Do you think that the English language needs to be regulated in some way? Why or why not? If so, how should it be controlled, and by whom? Do you agree or disagree with MacNeil that “language reinforces feelings of social superiority or inferiority”? What might be the consequences of a person using language in such a way? Have you ever used language to gain power? Have you had language used against you? What do you think of MacNeil’s depiction of language experts who want greater control of English as “language snobs”? How do you explain his depiction?

Writing Instructions

Write a brief essay in which you respond to MacNeil’s opinions supporting tolerance of natural changes in the language and criticizing official attempts to control language. You may confirm, refute, or modify his views. In any case, support your own position clearly and develop it with explanations, examples or personal experience.

Helpful Hints

•Be sure to have a thesis, and pay attention to your organization.

•Be as specific as possible; you may use examples from your own experience.

•Don’t waste time on a lengthy introduction; get to your point quickly.

Pre-Writing Instructions

1. Carefully read the following passage from “The Haves and the Have-Nots” by LynNell Hancock.

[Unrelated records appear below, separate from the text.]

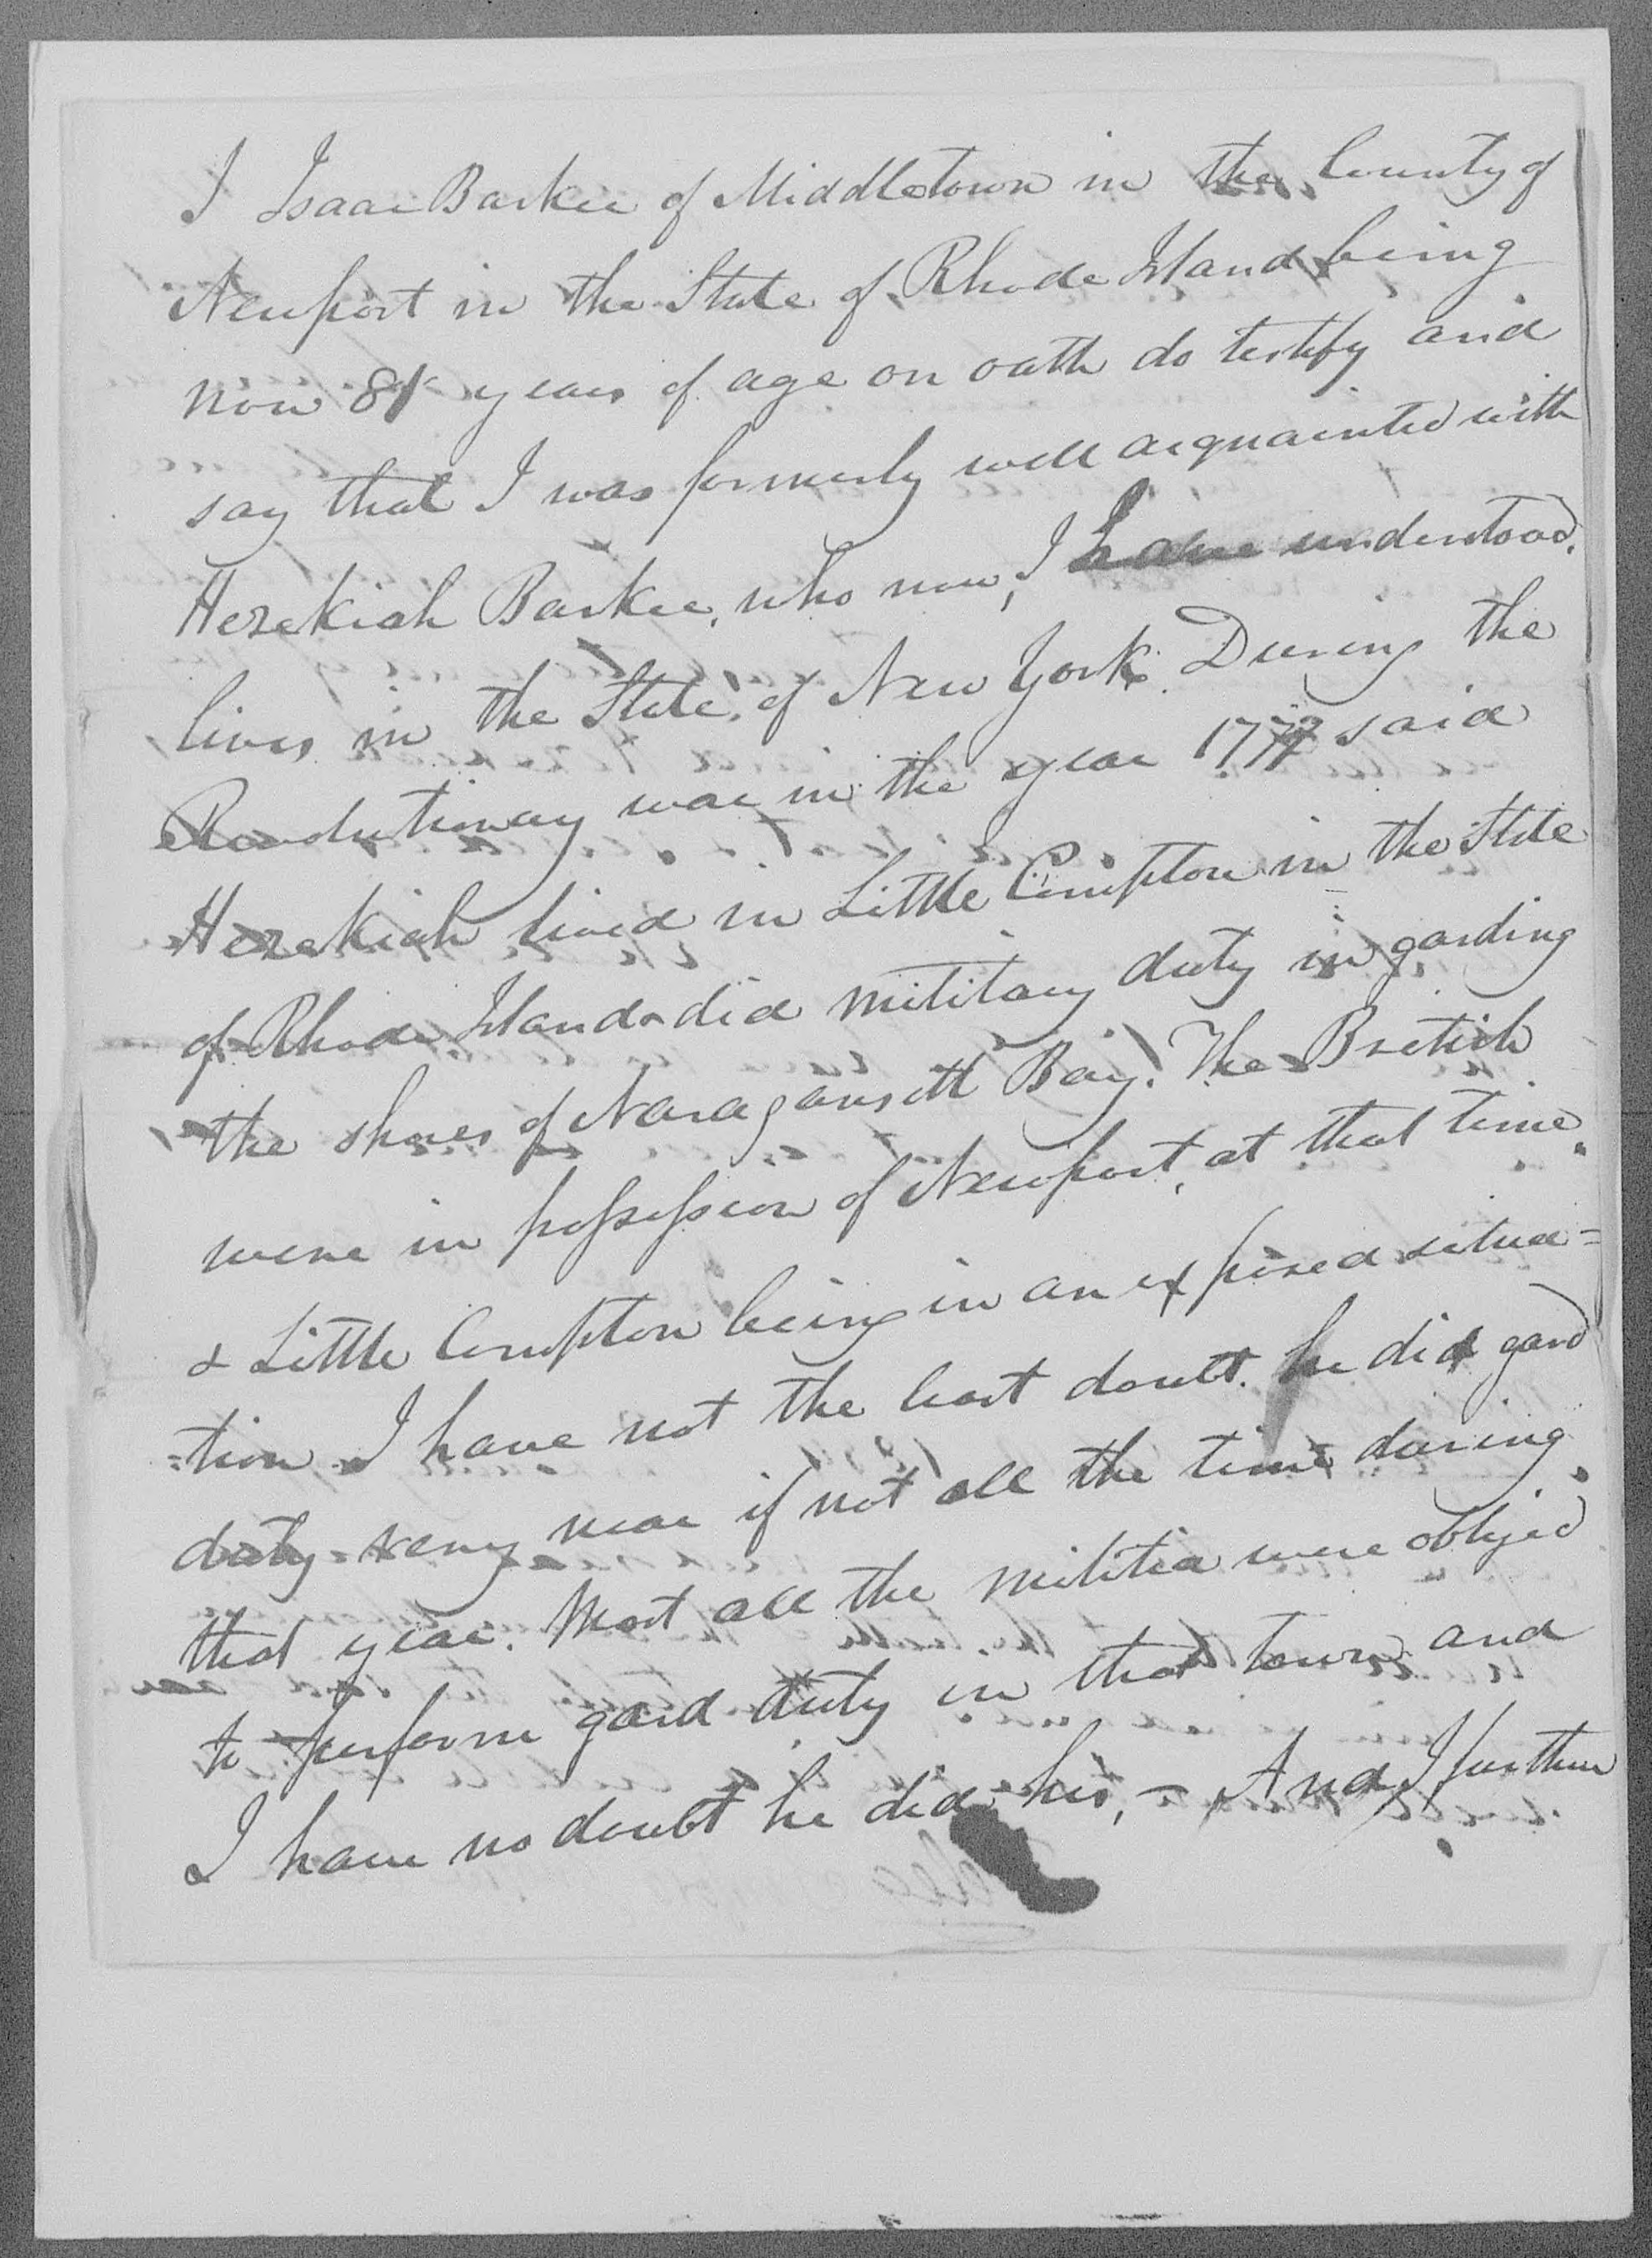I Isaac Barker of Middletown in the County of
Newport in the State of Rhode Island being
now 81 years of age on oath do testify and
say that I was formerly well acquainted with
Hezekiah Barker who now I have understood
lives in the State of New York.  During the
Revolutionary war in the year 1777 said
Hezekiah lived in Little Compton in the State
of Rhode Island & did military duty in garding [guarding]
the shores of Naragansett Bay.  The British
were in possession of Newport at that time
& Little Compton being in an exposed situa-
-tion I have not the least doubt he did gard [guard]
duty very near if not all the time during
that year.  Most all the militia were obliged
to perform gard [sic] duty in that town and
I have no doubt he did his. And I further

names: Isaac Barker
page: 34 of 52
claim: widow's
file: W. 18,565, Hezekiah Barker, Continental R.I.

Like it or not, America is a land of inequities. And technology, despite its potential to level the social landscape, is not yet blind to race, wealth and age. The richer the family, the more likely it is to own and use a computer, according to 1993 census data. White families are three times as likely as blacks or Hispanics to have computers at home. Seventy-four percent of Americans making more than $75,000 own at least one terminal, but not even one third of all Americans own computers.

Hancock argues that society sees computers as a democratizing force when in reality many middle- and lower-class Americans, as well as the schools they send their children to, cannot afford them. This inequality in people’s access to computer technology has serious consequences, for example on the job market. As Hancock explains, “To have an edge in America’s job search, it used to be enough to be well educated. Now, say the experts, it’s critical to be digital.” Therefore, people who can afford to own computers will have an advantage over those who cannot.

2. Consider the following questions.

In your experience, does it seem that computer technologies, such as the Internet, are currently available to all Americans equally or that inequalities in access exist due to economic or other factors (such as race and gender)? Is equal access to these technologies important? What consequences will inequality or equality of access to computer technologies have on our society? Do popular media depict computer technologies as positive or negative? For example, some recent television and magazine ads suggest that the Internet will lead to complete social equality, a world where differences in sex, race, age, and physical condition simply don’t matter. What do you think of such depictions? How would you explain them?

Writing Instructions

Write a brief essay in which you respond to Hancock’s opinion that computer technology in America is not yet a democratizing force. You may confirm, refute, or modify her views. In any case, support your own position clearly and develop it with explanations, examples or personal experience.

Helpful Hints

•Be sure to have a thesis, and pay attention to your organization.

•Be as specific as possible; you may use examples from your own experience.

•Don’t waste time on a lengthy introduction; get to your point quickly.